We will load the cumulative South Korean COVID-19 cases dataset for the modeling practice. We will use the code we deployed in chapter 2.1.

!git clone https://github.com/Pseudo-Lab/Tutorial-Book-Utils
!python Tutorial-Book-Utils/PL_data_loader.py --data COVIDTimeSeries
!unzip -q COVIDTimeSeries.zip

Cloning into 'Tutorial-Book-Utils'...
remote: Enumerating objects: 24, done.
remote: Counting objects: 100% (24/24), done.
remote: Compressing objects: 100% (20/20), done.
remote: Total 24 (delta 6), reused 14 (delta 3), pack-reused 0
Unpacking objects: 100% (24/24), done.
COVIDTimeSeries.zip is done!

After loading the COVID-19 dataset through the pandas library, we will perform data pre-processing, using the same method we used in chapter 3. The time period for the data will be from January 22, 2020 to December 18, 2020.

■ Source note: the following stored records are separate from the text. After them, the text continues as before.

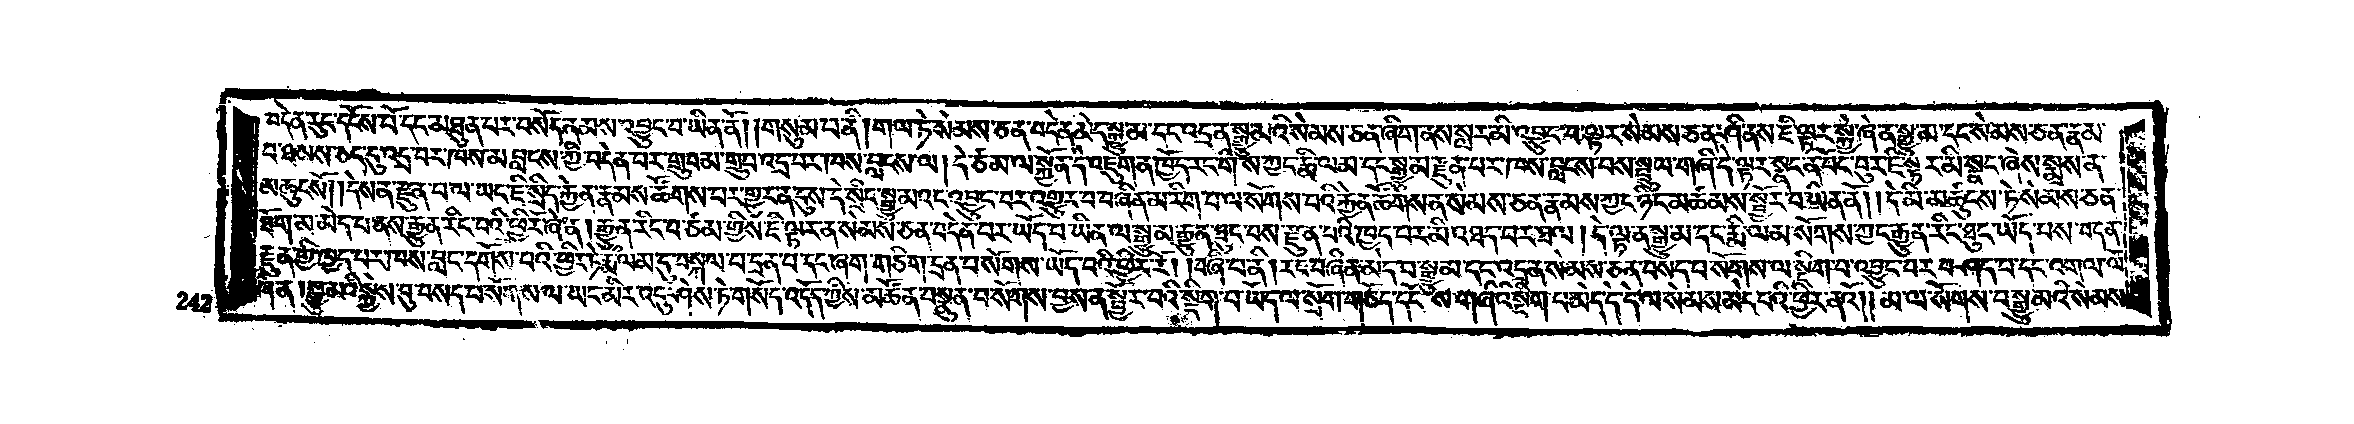བདེན་རུང་དངོས་པོ་དང་མཐུན་པར་བསོད་ནམས་འབྱུང་བ་ཡིན་ནོ། །གསུམ་པ་ནི། གལ་ཏེ་སེམས་ཅན་བདེན་མེད་སྐྱུ་མ་དང་འདྲ་ན་སྒྱུ་མའི་སེམས་ཅན་ཞིག་ནས་སླར་མི་འབྱུང་བ་ལྟར་སེམས་ཅན་ཤི་ནས་ཇི་ལྟར་སྐྱེ་ཞེ་ན་སྒྱུ་མ་དང་སེམས་ཅན་རྣམ་
པ་ཐམས་ཅད་དུ་འདྲ་བར་ཁས་མ་བླངས་ཀྱི་བདེན་པར་གྲུབ་མ་གྲུབ་འདྲ་བར་ཁས་བླངས་ལ། དེ་ཙམ་ལ་སྐྱོན་མེ་འཇུག་ན་ཁྱོད་རང་གི་ས་ཀྱང་རྨི་ལམ་དང་སྒྱུ་མ་རྫུན་པར་ཁས་བླངས་པས་སྤྲུལ་གཞི་དེ་ལྟར་སྣང་ན་བོང་བུར་ཇི་སྟེར་མི་སྣང་ཞེས་སྨྲས་ན་
མཚུངས་སོ། །དེས་ན་རྫུན་པ་ལ་ཡང་ཇི་སྲིད་རྐྱེན་རྣམས་ཚོགས་པར་གྱུར་ན་དུས་དེ་སྲིད་སྒྱུ་མའང་འབྱུང་བར་འགྱུར་བ་བཞིན་མ་རིག་པ་ལ་སོགས་པའི་རྐྱེན་ཚོགས་ན་སེམས་ཅན་རྣམས་ཀྱང་ཉིང་མཚམས་སྦྱོར་བ་ཡིན་ནོ། །དེ་མི་མཚུངས་ཏེ་སེམས་ཅན་
ཐོག་མ་མེད་པ་ནས་རྒྱུན་རིང་པའི་ཕྱིར་རོ་ཞེ་ན། རྒྱུན་རིང་བ་ཙམ་གྱིས་ཇི་ལྟར་ན་སེམས་ཅན་བདེན་པར་ཡོད་པ་ཡིན་ལ་སྒྱུ་མ་རྒྱུན་ཐུང་བས་རྫུན་པའི་ཁྱད་པར་མི་འཐད་པར་ཐལ། དེ་ལྟ་ན་སྒྱུ་མ་དང་རྨི་ལམ་སོགས་ཀྱང་རྒྱུན་རིང་ཐུང་ཡོད་པས་བདེན་
རྫུན་གྱི་ཁྱད་པར་ཁས་བླང་དགོས་པའི་ཕྱིར་ཏེ་རྨི་ལམ་དུ་བསྐལ་པ་དྲན་པ་དང་ཟག་གཅིག་དྲན་པ་སོགས་ཡོད་པའི་ཕྱིར་རོ། །བཞི་པ་ནི། རང་བཞིན་མེད་པ་སྒྱུ་མ་དང་འདྲ་ན་སེམས་ཅད་བསད་པ་སོགས་ལ་སྡིག་པ་འབྱུང་བར་བཤད་པ་དང་འགལ་ལོ་
ཞེ་ན། སྒྱུ་མའི་སྐྱེས་བུ་བསད་པ་སོགས་ལ་ཡང་མིར་འདུ་ཤེས་ཏེ་གསོད་འདོད་ཀྱིས་མཚོན་བསྣུན་པ་སོགས་བྱས་ན་སྦྱོར་བའི་སྡིག་པ་ཡོད་ལ་སྲོག་གཅོད་དངོས་གཞིའི་སྡིག་པ་མེད་དེ་དེ་ལ་སེམས་མེད་པའི་ཕྱིར་ནའོ། །མ་ལ་སོགས་པ་སྒྱུ་མའི་སེམས་

# Load the cumulative COVID-19 cases for South Korea.
confirmed = pd.read_csv('time_series_covid19_confirmed_global.csv')
confirmed[confirmed['Country/Region']=='Korea, South']
korea = confirmed[confirmed['Country/Region']=='Korea, South'].iloc[:,4:].T
korea.index = pd.to_datetime(korea.index)
daily_cases = korea.diff().fillna(korea.iloc[0]).astype('int')


def create_sequences(data, seq_length):
    xs = []
    ys = []
    for i in range(len(data)-seq_length):
        x = data.iloc[i:(i+seq_length)]
        y = data.iloc[i+seq_length]
        xs.append(x)
        ys.append(y)
    return np.array(xs), np.array(ys)

# Data transformation for supervised learning data.
seq_length = 5
X, y = create_sequences(daily_cases, seq_length)

# Dividing the dataset into traning, validation, and test sets.
train_size = int(327 * 0.8)
X_train, y_train = X[:train_size], y[:train_size]
X_val, y_val = X[train_size:train_size+33], y[train_size:train_size+33]
X_test, y_test = X[train_size+33:], y[train_size+33:]

MIN = X_train.min()
MAX = X_train.max()

def MinMaxScale(array, min, max):

    return (array - min) / (max - min)

# MinMax scaling
X_train = MinMaxScale(X_train, MIN, MAX)
y_train = MinMaxScale(y_train, MIN, MAX)
X_val = MinMaxScale(X_val, MIN, MAX)
y_val = MinMaxScale(y_val, MIN, MAX)
X_test = MinMaxScale(X_test, MIN, MAX)
y_test = MinMaxScale(y_test, MIN, MAX)

# Tensor transformation
def make_Tensor(array):
    return torch.from_numpy(array).float()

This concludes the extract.